» **WHAT IS EXPECTED**
Wherever a picture appears, leave it out; set down everything else in the records exactly.
+ + +
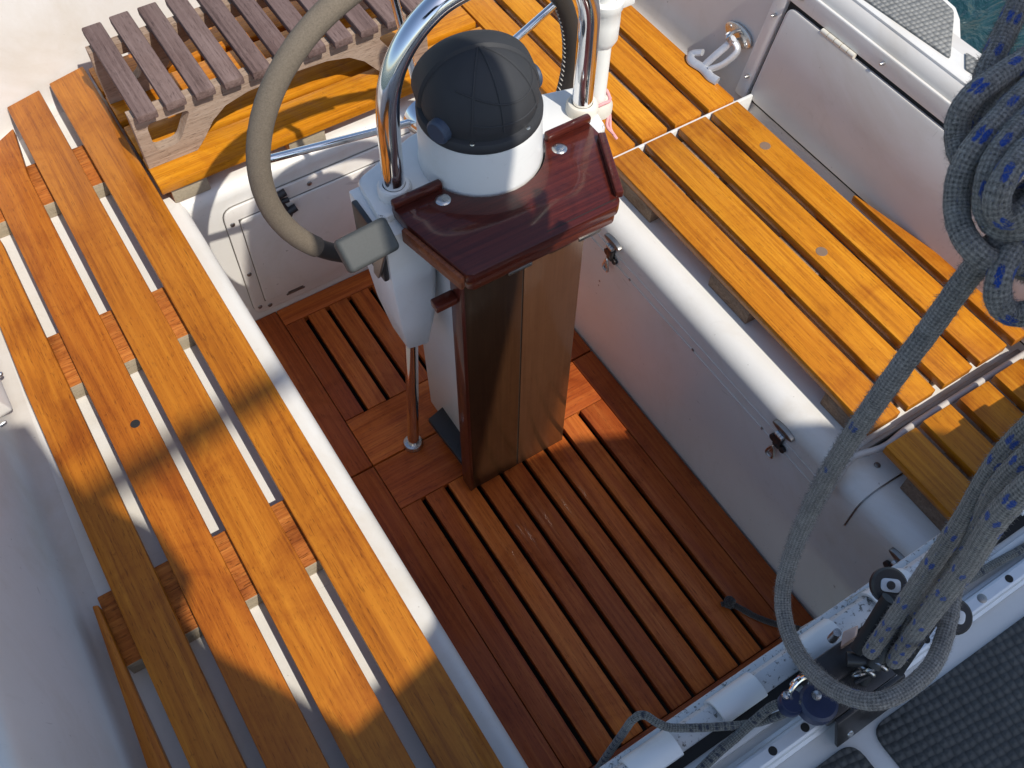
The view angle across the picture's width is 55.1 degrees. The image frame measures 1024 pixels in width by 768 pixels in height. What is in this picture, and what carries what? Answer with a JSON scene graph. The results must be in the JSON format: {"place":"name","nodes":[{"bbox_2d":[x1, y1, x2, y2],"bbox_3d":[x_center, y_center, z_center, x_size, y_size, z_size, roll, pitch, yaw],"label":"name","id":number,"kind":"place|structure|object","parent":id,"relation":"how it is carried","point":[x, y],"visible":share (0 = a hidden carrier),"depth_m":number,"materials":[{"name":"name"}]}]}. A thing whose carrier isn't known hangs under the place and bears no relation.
{"place":"outdoors","nodes":[
{"label":"outdoors","id":0,"kind":"place"},
{"bbox_2d":[948,0,1023,55],"bbox_3d":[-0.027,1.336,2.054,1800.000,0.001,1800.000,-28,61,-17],"label":"water","id":1,"kind":"structure","parent":0,"point":[977,18],"depth_m":3.88,"materials":[{"name":"teal liquid"}]},
{"bbox_2d":[0,0,1023,767],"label":"sailboat","id":2,"kind":"object","parent":1,"relation":"on","point":[850,98],"visible":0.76,"depth_m":1.81,"materials":[{"name":"white plastic"}]},
{"bbox_2d":[0,67,502,767],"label":"slatted bench","id":3,"kind":"object","parent":2,"relation":"on","point":[198,583],"visible":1,"depth_m":1.56,"materials":[{"name":"brown wood"}]},
{"bbox_2d":[89,1,481,202],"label":"slatted bench","id":4,"kind":"object","parent":2,"relation":"on","point":[318,99],"visible":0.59,"depth_m":2.06,"materials":[{"name":"brown wood"}]},
{"bbox_2d":[82,0,427,168],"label":"slatted stool","id":5,"kind":"object","parent":4,"relation":"on","point":[155,45],"visible":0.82,"depth_m":1.95,"materials":[{"name":"brown wood"}]},
{"bbox_2d":[240,161,379,300],"bbox_3d":[-0.403,-0.363,2.247,0.408,0.332,0.022,-28,61,-17],"label":"locker door","id":6,"kind":"structure","parent":2,"relation":"in","point":[326,210],"depth_m":2.21,"materials":[{"name":"plastic"}]},
{"bbox_2d":[255,269,590,478],"bbox_3d":[-0.235,-0.101,2.341,0.685,0.020,0.497,-28,61,-17],"label":"floor grating","id":7,"kind":"object","parent":2,"relation":"on","point":[359,439],"visible":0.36,"depth_m":2.29,"materials":[{"name":"red wood"}]},
{"bbox_2d":[246,0,604,452],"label":"steering pedestal","id":8,"kind":"object","parent":2,"relation":"on","point":[483,114],"visible":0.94,"depth_m":1.47,"materials":[{"name":"white paint"}]},
{"bbox_2d":[391,113,623,490],"bbox_3d":[-0.007,-0.095,1.845,0.371,0.811,0.247,-28,61,-17],"label":"folding table","id":9,"kind":"object","parent":8,"relation":"attached to","point":[508,265],"visible":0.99,"depth_m":1.60,"materials":[{"name":"brown wood"}]},
{"bbox_2d":[352,351,812,767],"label":"floor grating","id":10,"kind":"object","parent":2,"relation":"on","point":[395,491],"visible":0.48,"depth_m":2.02,"materials":[{"name":"red wood"}]},
{"bbox_2d":[721,596,802,630],"bbox_3d":[0.518,0.466,1.956,0.208,0.025,0.028,18,59,11],"label":"knotted cord","id":11,"kind":"object","parent":10,"relation":"on","point":[728,602],"visible":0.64,"depth_m":1.96,"materials":[{"name":"black fabric"}]},
{"bbox_2d":[461,0,733,156],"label":"slatted bench","id":12,"kind":"object","parent":2,"relation":"on","point":[660,76],"visible":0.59,"depth_m":2.14,"materials":[{"name":"brown wood"}]},
{"bbox_2d":[594,0,634,119],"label":"flagstaff tube","id":13,"kind":"object","parent":2,"relation":"attached to","point":[611,10],"visible":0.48,"depth_m":1.54,"materials":[{"name":"white plastic"}]},
{"bbox_2d":[598,89,617,139],"bbox_3d":[0.160,-0.452,1.671,0.055,0.075,0.056,-39,65,-23],"label":"tied cord","id":14,"kind":"object","parent":13,"relation":"attached to","point":[608,123],"visible":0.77,"depth_m":1.67,"materials":[{"name":"fabric"}]},
{"bbox_2d":[613,94,752,157],"bbox_3d":[0.349,-0.520,2.070,0.395,0.051,0.007,-28,61,-17],"label":"seam strip","id":15,"kind":"object","parent":2,"relation":"on","point":[745,102],"visible":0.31,"depth_m":2.07,"materials":[{"name":"white paint"}]},
{"bbox_2d":[686,21,752,84],"bbox_3d":[0.442,-0.724,2.112,0.099,0.091,0.111,-28,61,-17],"label":"padeye shackle","id":16,"kind":"object","parent":2,"relation":"attached to","point":[738,36],"visible":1,"depth_m":2.10,"materials":[{"name":"silver metal"}]},
{"bbox_2d":[614,102,1023,435],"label":"slatted bench","id":17,"kind":"object","parent":2,"relation":"on","point":[767,277],"visible":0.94,"depth_m":1.85,"materials":[{"name":"brown wood"}]},
{"bbox_2d":[799,588,865,629],"bbox_3d":[0.417,0.334,1.354,0.050,0.276,0.031,-28,61,-17],"label":"twine","id":18,"kind":"object","parent":2,"relation":"attached to","point":[846,600],"visible":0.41,"depth_m":1.26,"materials":[{"name":"fabric"}]},
{"bbox_2d":[727,554,1023,767],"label":"traveller track","id":19,"kind":"structure","parent":2,"relation":"on","point":[785,742],"depth_m":1.16,"materials":[{"name":"metal"}]},
{"bbox_2d":[797,640,904,746],"bbox_3d":[0.403,0.347,1.150,0.107,0.090,0.089,-28,61,-17],"label":"traveller car","id":20,"kind":"object","parent":19,"relation":"attached to","point":[850,722],"visible":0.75,"depth_m":1.15,"materials":[{"name":"black metal"}]},
{"bbox_2d":[777,674,838,725],"bbox_3d":[0.338,0.360,1.114,0.061,0.042,0.056,-28,61,-17],"label":"pulley block","id":21,"kind":"object","parent":20,"relation":"attached to","point":[817,708],"visible":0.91,"depth_m":1.11,"materials":[{"name":"blue plastic"}]},
{"bbox_2d":[594,699,800,767],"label":"control line","id":22,"kind":"object","parent":21,"relation":"attached to","point":[763,716],"visible":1,"depth_m":1.14,"materials":[{"name":"grey fabric"}]},
{"bbox_2d":[827,567,972,686],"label":"mainsheet block","id":23,"kind":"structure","parent":20,"relation":"attached to","point":[886,584],"depth_m":1.10,"materials":[{"name":"black plastic"}]},
{"bbox_2d":[826,350,1023,500],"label":"seat tube","id":24,"kind":"object","parent":2,"relation":"on","point":[950,400],"visible":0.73,"depth_m":1.69,"materials":[{"name":"silver metal"}]},
{"bbox_2d":[883,359,1023,530],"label":"slatted bench","id":25,"kind":"object","parent":2,"relation":"on","point":[934,485],"visible":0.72,"depth_m":1.64,"materials":[{"name":"brown wood"}]},
{"bbox_2d":[968,543,1023,584],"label":"control line","id":26,"kind":"object","parent":2,"relation":"on","point":[1004,558],"visible":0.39,"depth_m":1.27,"materials":[{"name":"grey fabric"}]},
{"bbox_3d":[1.297,-0.351,-1.767,0.606,2.874,2.702,-28,61,-17],"label":"boom","id":27,"kind":"object","parent":2,"relation":"attached to","visible":0},
{"bbox_2d":[773,0,1023,712],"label":"mainsheet rope","id":28,"kind":"object","parent":27,"relation":"hanging from","point":[983,131],"visible":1,"depth_m":0.76,"materials":[{"name":"grey fabric"}]}
]}

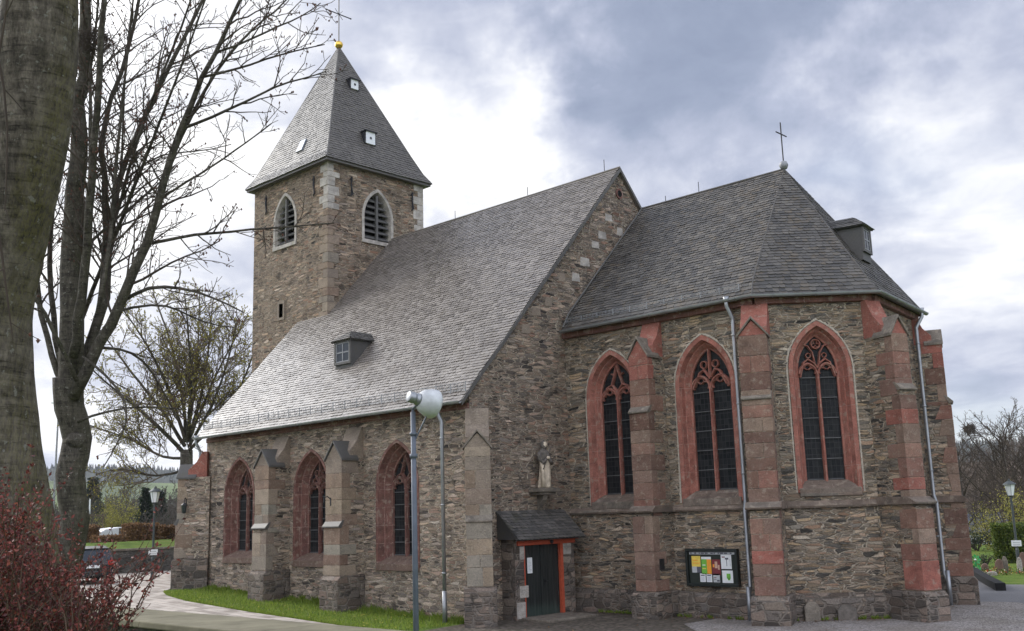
+ + +
» **RESPONSE FOR THIS EXERCISE**
The view angle across the picture's width is 55.1 degrees. The image frame measures 1024 pixels in width by 768 pixels in height. What is in this picture, and what carries what? Answer with a JSON scene graph. The results must be in the JSON format: {"place":"name","nodes":[{"bbox_2d":[x1, y1, x2, y2],"bbox_3d":[x_center, y_center, z_center, x_size, y_size, z_size, roll, pitch, yaw],"label":"name","id":number,"kind":"place|structure|object","parent":id,"relation":"how it is carried","point":[x, y],"visible":share (0 = a hidden carrier),"depth_m":number,"materials":[{"name":"name"}]}]}. A thing whose carrier isn't known hangs under the place and bears no relation.
{"place":"outdoors","nodes":[
{"label":"outdoors","id":0,"kind":"place"},
{"bbox_2d":[948,0,1023,55],"bbox_3d":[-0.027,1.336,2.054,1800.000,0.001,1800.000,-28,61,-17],"label":"water","id":1,"kind":"structure","parent":0,"point":[977,18],"depth_m":3.88,"materials":[{"name":"teal liquid"}]},
{"bbox_2d":[0,0,1023,767],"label":"sailboat","id":2,"kind":"object","parent":1,"relation":"on","point":[850,98],"visible":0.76,"depth_m":1.81,"materials":[{"name":"white plastic"}]},
{"bbox_2d":[0,67,502,767],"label":"slatted bench","id":3,"kind":"object","parent":2,"relation":"on","point":[198,583],"visible":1,"depth_m":1.56,"materials":[{"name":"brown wood"}]},
{"bbox_2d":[89,1,481,202],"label":"slatted bench","id":4,"kind":"object","parent":2,"relation":"on","point":[318,99],"visible":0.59,"depth_m":2.06,"materials":[{"name":"brown wood"}]},
{"bbox_2d":[82,0,427,168],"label":"slatted stool","id":5,"kind":"object","parent":4,"relation":"on","point":[155,45],"visible":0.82,"depth_m":1.95,"materials":[{"name":"brown wood"}]},
{"bbox_2d":[240,161,379,300],"bbox_3d":[-0.403,-0.363,2.247,0.408,0.332,0.022,-28,61,-17],"label":"locker door","id":6,"kind":"structure","parent":2,"relation":"in","point":[326,210],"depth_m":2.21,"materials":[{"name":"plastic"}]},
{"bbox_2d":[255,269,590,478],"bbox_3d":[-0.235,-0.101,2.341,0.685,0.020,0.497,-28,61,-17],"label":"floor grating","id":7,"kind":"object","parent":2,"relation":"on","point":[359,439],"visible":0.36,"depth_m":2.29,"materials":[{"name":"red wood"}]},
{"bbox_2d":[246,0,604,452],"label":"steering pedestal","id":8,"kind":"object","parent":2,"relation":"on","point":[483,114],"visible":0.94,"depth_m":1.47,"materials":[{"name":"white paint"}]},
{"bbox_2d":[391,113,623,490],"bbox_3d":[-0.007,-0.095,1.845,0.371,0.811,0.247,-28,61,-17],"label":"folding table","id":9,"kind":"object","parent":8,"relation":"attached to","point":[508,265],"visible":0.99,"depth_m":1.60,"materials":[{"name":"brown wood"}]},
{"bbox_2d":[352,351,812,767],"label":"floor grating","id":10,"kind":"object","parent":2,"relation":"on","point":[395,491],"visible":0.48,"depth_m":2.02,"materials":[{"name":"red wood"}]},
{"bbox_2d":[721,596,802,630],"bbox_3d":[0.518,0.466,1.956,0.208,0.025,0.028,18,59,11],"label":"knotted cord","id":11,"kind":"object","parent":10,"relation":"on","point":[728,602],"visible":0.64,"depth_m":1.96,"materials":[{"name":"black fabric"}]},
{"bbox_2d":[461,0,733,156],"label":"slatted bench","id":12,"kind":"object","parent":2,"relation":"on","point":[660,76],"visible":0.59,"depth_m":2.14,"materials":[{"name":"brown wood"}]},
{"bbox_2d":[594,0,634,119],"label":"flagstaff tube","id":13,"kind":"object","parent":2,"relation":"attached to","point":[611,10],"visible":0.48,"depth_m":1.54,"materials":[{"name":"white plastic"}]},
{"bbox_2d":[598,89,617,139],"bbox_3d":[0.160,-0.452,1.671,0.055,0.075,0.056,-39,65,-23],"label":"tied cord","id":14,"kind":"object","parent":13,"relation":"attached to","point":[608,123],"visible":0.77,"depth_m":1.67,"materials":[{"name":"fabric"}]},
{"bbox_2d":[613,94,752,157],"bbox_3d":[0.349,-0.520,2.070,0.395,0.051,0.007,-28,61,-17],"label":"seam strip","id":15,"kind":"object","parent":2,"relation":"on","point":[745,102],"visible":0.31,"depth_m":2.07,"materials":[{"name":"white paint"}]},
{"bbox_2d":[686,21,752,84],"bbox_3d":[0.442,-0.724,2.112,0.099,0.091,0.111,-28,61,-17],"label":"padeye shackle","id":16,"kind":"object","parent":2,"relation":"attached to","point":[738,36],"visible":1,"depth_m":2.10,"materials":[{"name":"silver metal"}]},
{"bbox_2d":[614,102,1023,435],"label":"slatted bench","id":17,"kind":"object","parent":2,"relation":"on","point":[767,277],"visible":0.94,"depth_m":1.85,"materials":[{"name":"brown wood"}]},
{"bbox_2d":[799,588,865,629],"bbox_3d":[0.417,0.334,1.354,0.050,0.276,0.031,-28,61,-17],"label":"twine","id":18,"kind":"object","parent":2,"relation":"attached to","point":[846,600],"visible":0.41,"depth_m":1.26,"materials":[{"name":"fabric"}]},
{"bbox_2d":[727,554,1023,767],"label":"traveller track","id":19,"kind":"structure","parent":2,"relation":"on","point":[785,742],"depth_m":1.16,"materials":[{"name":"metal"}]},
{"bbox_2d":[797,640,904,746],"bbox_3d":[0.403,0.347,1.150,0.107,0.090,0.089,-28,61,-17],"label":"traveller car","id":20,"kind":"object","parent":19,"relation":"attached to","point":[850,722],"visible":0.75,"depth_m":1.15,"materials":[{"name":"black metal"}]},
{"bbox_2d":[777,674,838,725],"bbox_3d":[0.338,0.360,1.114,0.061,0.042,0.056,-28,61,-17],"label":"pulley block","id":21,"kind":"object","parent":20,"relation":"attached to","point":[817,708],"visible":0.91,"depth_m":1.11,"materials":[{"name":"blue plastic"}]},
{"bbox_2d":[594,699,800,767],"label":"control line","id":22,"kind":"object","parent":21,"relation":"attached to","point":[763,716],"visible":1,"depth_m":1.14,"materials":[{"name":"grey fabric"}]},
{"bbox_2d":[827,567,972,686],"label":"mainsheet block","id":23,"kind":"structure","parent":20,"relation":"attached to","point":[886,584],"depth_m":1.10,"materials":[{"name":"black plastic"}]},
{"bbox_2d":[826,350,1023,500],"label":"seat tube","id":24,"kind":"object","parent":2,"relation":"on","point":[950,400],"visible":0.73,"depth_m":1.69,"materials":[{"name":"silver metal"}]},
{"bbox_2d":[883,359,1023,530],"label":"slatted bench","id":25,"kind":"object","parent":2,"relation":"on","point":[934,485],"visible":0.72,"depth_m":1.64,"materials":[{"name":"brown wood"}]},
{"bbox_2d":[968,543,1023,584],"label":"control line","id":26,"kind":"object","parent":2,"relation":"on","point":[1004,558],"visible":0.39,"depth_m":1.27,"materials":[{"name":"grey fabric"}]},
{"bbox_3d":[1.297,-0.351,-1.767,0.606,2.874,2.702,-28,61,-17],"label":"boom","id":27,"kind":"object","parent":2,"relation":"attached to","visible":0},
{"bbox_2d":[773,0,1023,712],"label":"mainsheet rope","id":28,"kind":"object","parent":27,"relation":"hanging from","point":[983,131],"visible":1,"depth_m":0.76,"materials":[{"name":"grey fabric"}]}
]}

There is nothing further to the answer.